**WHAT THIS TASK INVOLVES:**
What's needed: every entry, printed exactly, minus the images.

[Dataset items]
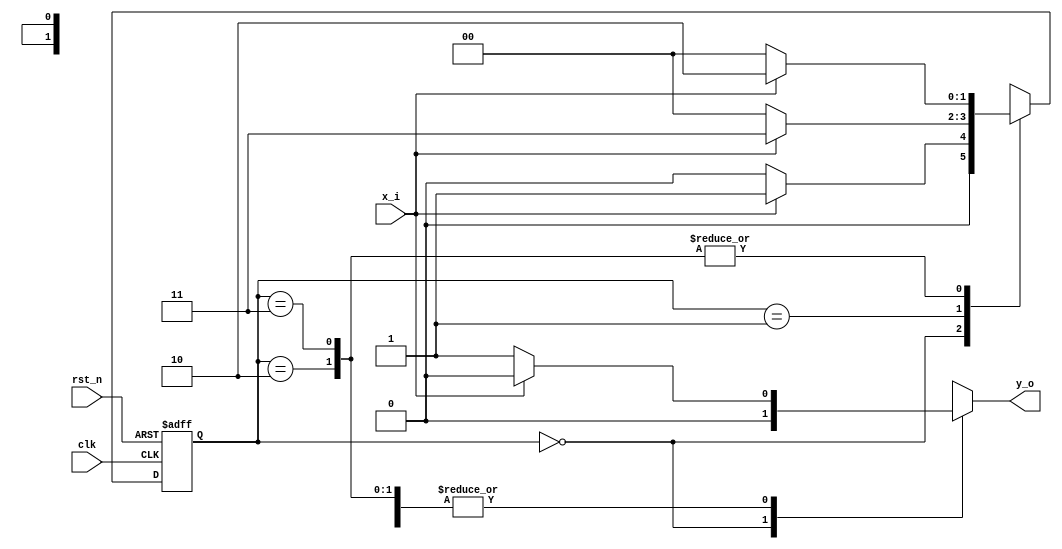
`timescale 1ns / 1ps
//////////////////////////////////////////////////////////////////////////////////
// Company: 
// Engineer: 
// 
// Design Name: 
// Module Name: fsm_mealy_param
// Project Name: 
// Target Devices: 
// Tool Versions: 
// Description: 
// 
// Dependencies: 
// 
// Revision:
// Revision 0.01 - File Created
// Additional Comments:
// 
//////////////////////////////////////////////////////////////////////////////////


module fsm_mealy_param
(
input x_i,
input rst_n,
input clk,
output y_o
);

localparam S0 = 2'b00;
localparam S1 = 2'b01;
localparam S2 = 2'b10;
localparam S3 = 2'b11;

reg y;
reg [1:0] state;

always @(posedge clk, negedge rst_n) begin
    if (rst_n == 1'b0) begin
        state <= S0;
    end
    else begin
        case (state)
            S0 : begin
                if (x_i == 1'b0) begin
                    state <= S0;
                end
                else begin
                    state <= S1;
                end
            end 
            S1 : begin
                if (x_i == 1'b0) begin
                    state <= S0;
                end
                else begin
                    state <= S3;
                end                
            end
            S2 : begin
                if (x_i == 1'b0) begin
                    state <= S0;
                end
                else begin
                    state <= S2;
                end                 
            end
            S3 : begin
                if (x_i == 1'b0) begin
                    state <= S0;
                end
                else begin
                    state <= S2;
                end                  
            end
            default : begin
                state <= S0;
            end 
        endcase
    end
end

always @(*) begin
   case (state)
    S0 : begin
        if (x_i == 1'b0) begin
            y = 1'b0;
        end
        else begin
            y = 1'b0;
        end 
    end 
    S1 : begin
        if (x_i == 1'b0) begin
            y = 1'b1;
        end
        else begin
            y = 1'b0;
        end         
    end
    S2 : begin
        if (x_i == 1'b0) begin
            y = 1'b1;
        end
        else begin
            y = 1'b0;
        end         
    end
    S3 : begin
        if (x_i == 1'b0) begin
            y = 1'b1;
        end
        else begin
            y = 1'b0;
        end           
    end
    default : begin
        
    end 
   endcase
end

assign y_o = y;

endmodule
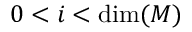
0 < i < \dim ( M )
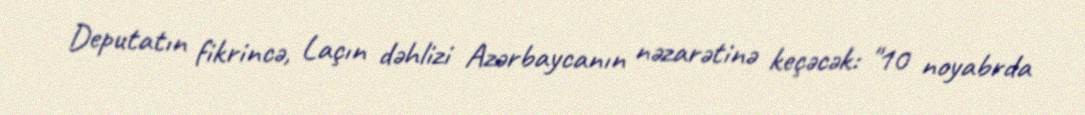
Deputatın fikrincə, Laçın dəhlizi Azərbaycanın nəzarətinə keçəcək: "10 noyabrda
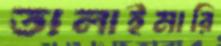
তালাইমারি

**RESPONSE AREA:**
`timescale 1ns / 1ps
//////////////////////////////////////////////////////////////////////////////////
// Company: 
// Engineer: 
// 
// Design Name: 
// Module Name: fsm_mealy_param
// Project Name: 
// Target Devices: 
// Tool Versions: 
// Description: 
// 
// Dependencies: 
// 
// Revision:
// Revision 0.01 - File Created
// Additional Comments:
// 
//////////////////////////////////////////////////////////////////////////////////


module fsm_mealy_param
(
input x_i,
input rst_n,
input clk,
output y_o
);

localparam S0 = 2'b00;
localparam S1 = 2'b01;
localparam S2 = 2'b10;
localparam S3 = 2'b11;

reg y;
reg [1:0] state;

always @(posedge clk, negedge rst_n) begin
    if (rst_n == 1'b0) begin
        state <= S0;
    end
    else begin
        case (state)
            S0 : begin
                if (x_i == 1'b0) begin
                    state <= S0;
                end
                else begin
                    state <= S1;
                end
            end 
            S1 : begin
                if (x_i == 1'b0) begin
                    state <= S0;
                end
                else begin
                    state <= S3;
                end                
            end
            S2 : begin
                if (x_i == 1'b0) begin
                    state <= S0;
                end
                else begin
                    state <= S2;
                end                 
            end
            S3 : begin
                if (x_i == 1'b0) begin
                    state <= S0;
                end
                else begin
                    state <= S2;
                end                  
            end
            default : begin
                state <= S0;
            end 
        endcase
    end
end

always @(*) begin
   case (state)
    S0 : begin
        if (x_i == 1'b0) begin
            y = 1'b0;
        end
        else begin
            y = 1'b0;
        end 
    end 
    S1 : begin
        if (x_i == 1'b0) begin
            y = 1'b1;
        end
        else begin
            y = 1'b0;
        end         
    end
    S2 : begin
        if (x_i == 1'b0) begin
            y = 1'b1;
        end
        else begin
            y = 1'b0;
        end         
    end
    S3 : begin
        if (x_i == 1'b0) begin
            y = 1'b1;
        end
        else begin
            y = 1'b0;
        end           
    end
    default : begin
        
    end 
   endcase
end

assign y_o = y;

endmodule
0 < i < \dim ( M )
Deputatın fikrincə, Laçın dəhlizi Azərbaycanın nəzarətinə keçəcək: "10 noyabrda
তালাইমারি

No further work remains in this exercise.